Stored records
┌──
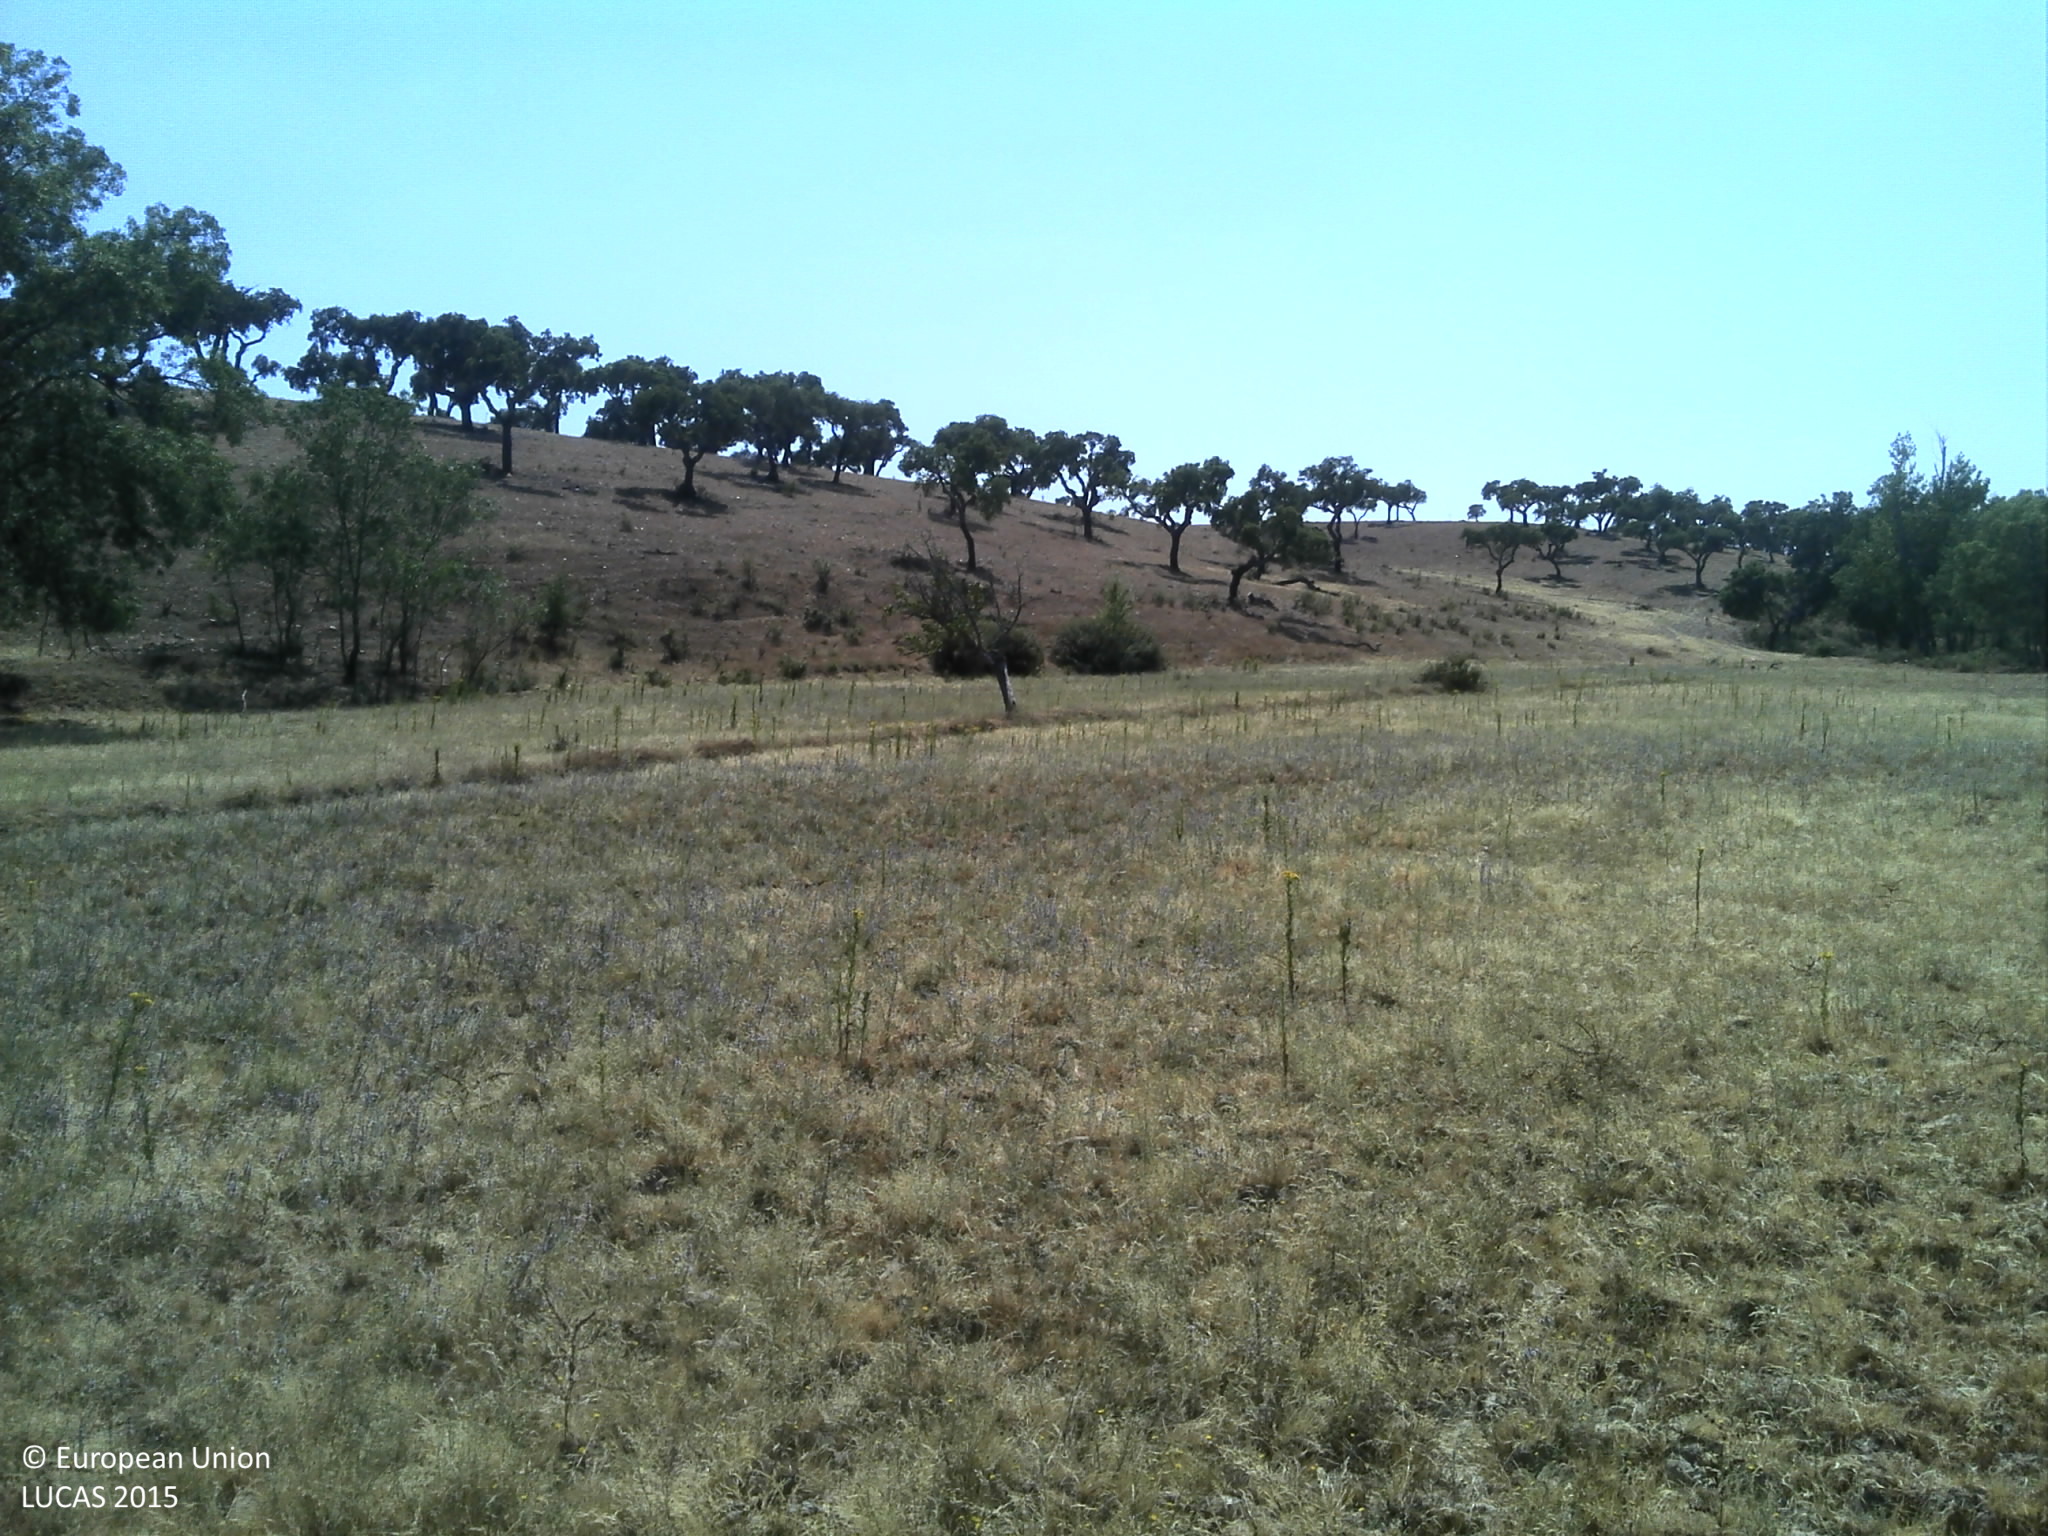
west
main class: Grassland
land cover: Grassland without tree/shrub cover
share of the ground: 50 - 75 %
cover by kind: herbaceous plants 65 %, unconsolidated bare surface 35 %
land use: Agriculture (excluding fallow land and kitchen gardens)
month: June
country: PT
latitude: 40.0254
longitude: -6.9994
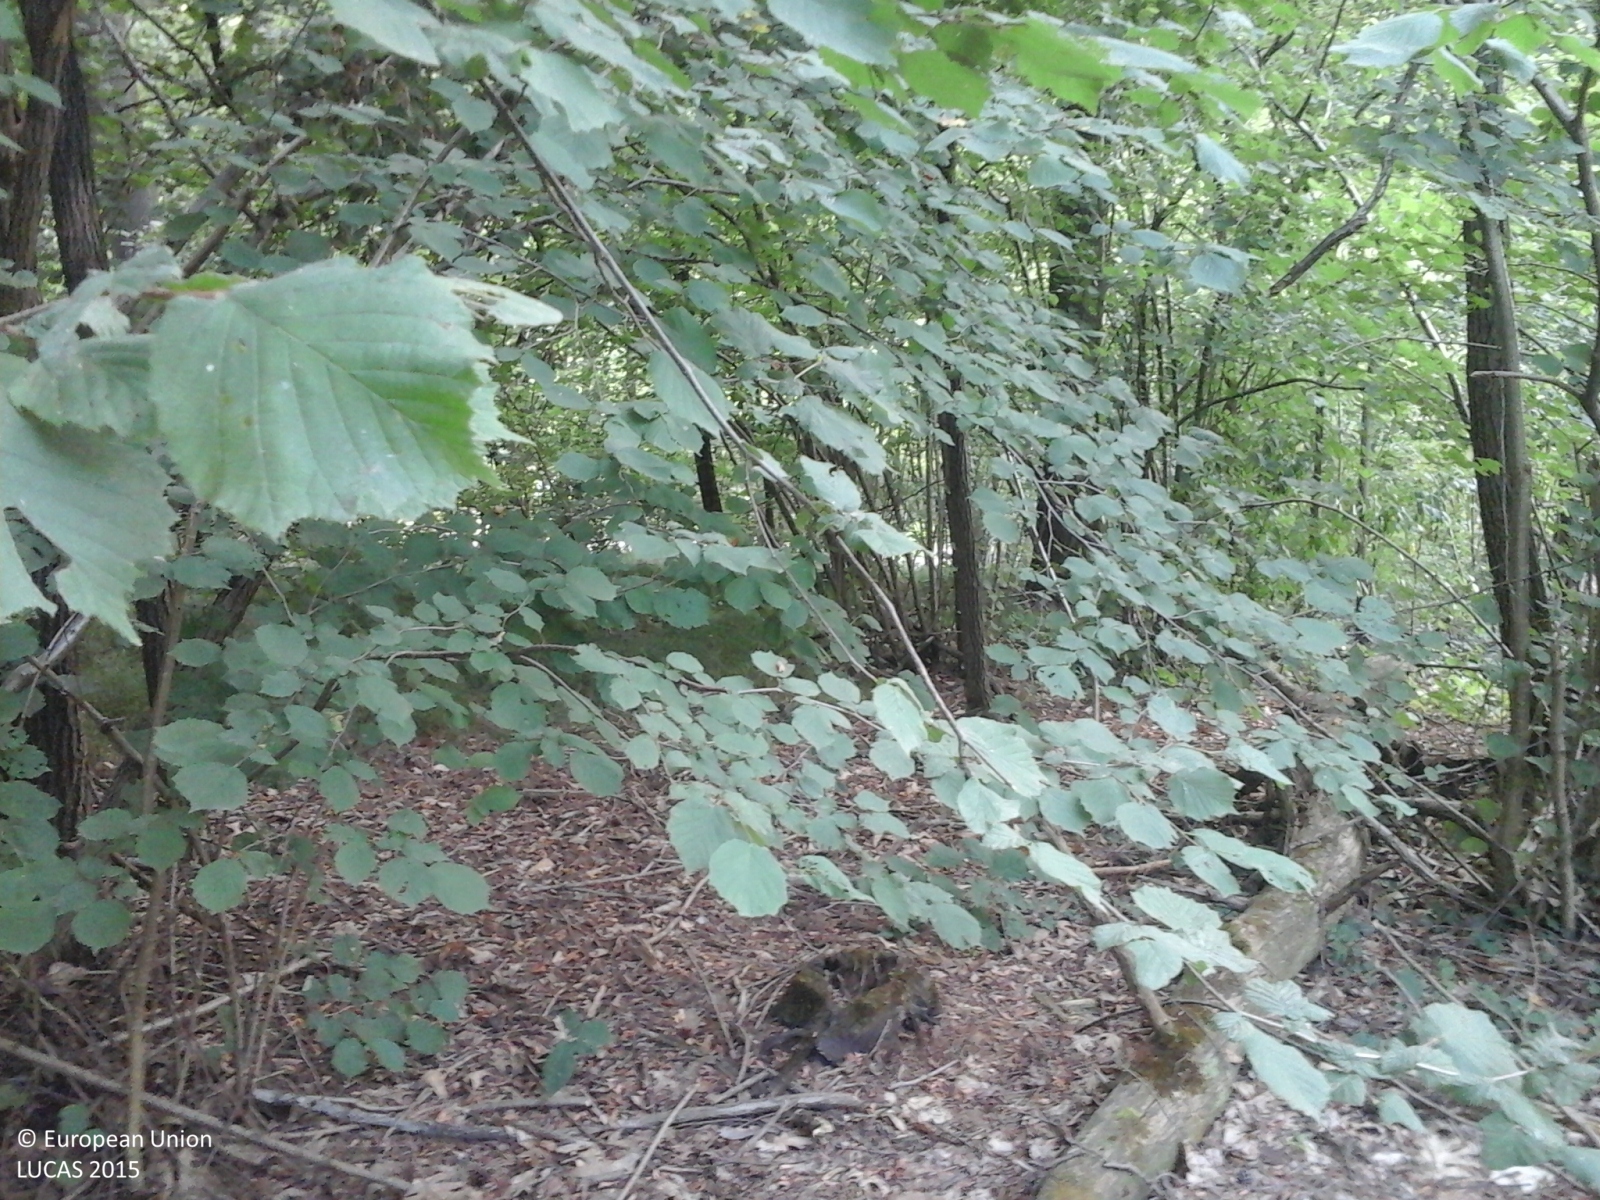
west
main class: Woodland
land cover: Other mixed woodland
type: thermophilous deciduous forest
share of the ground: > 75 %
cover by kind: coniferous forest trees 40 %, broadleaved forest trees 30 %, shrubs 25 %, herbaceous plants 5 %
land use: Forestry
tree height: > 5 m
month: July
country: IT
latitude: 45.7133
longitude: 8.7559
└──
Exercise prompt
Return, from the data above, each line in which the string "cover" appears.

Response area
land cover: Grassland without tree/shrub cover
cover by kind: herbaceous plants 65 %, unconsolidated bare surface 35 %
land cover: Other mixed woodland
cover by kind: coniferous forest trees 40 %, broadleaved forest trees 30 %, shrubs 25 %, herbaceous plants 5 %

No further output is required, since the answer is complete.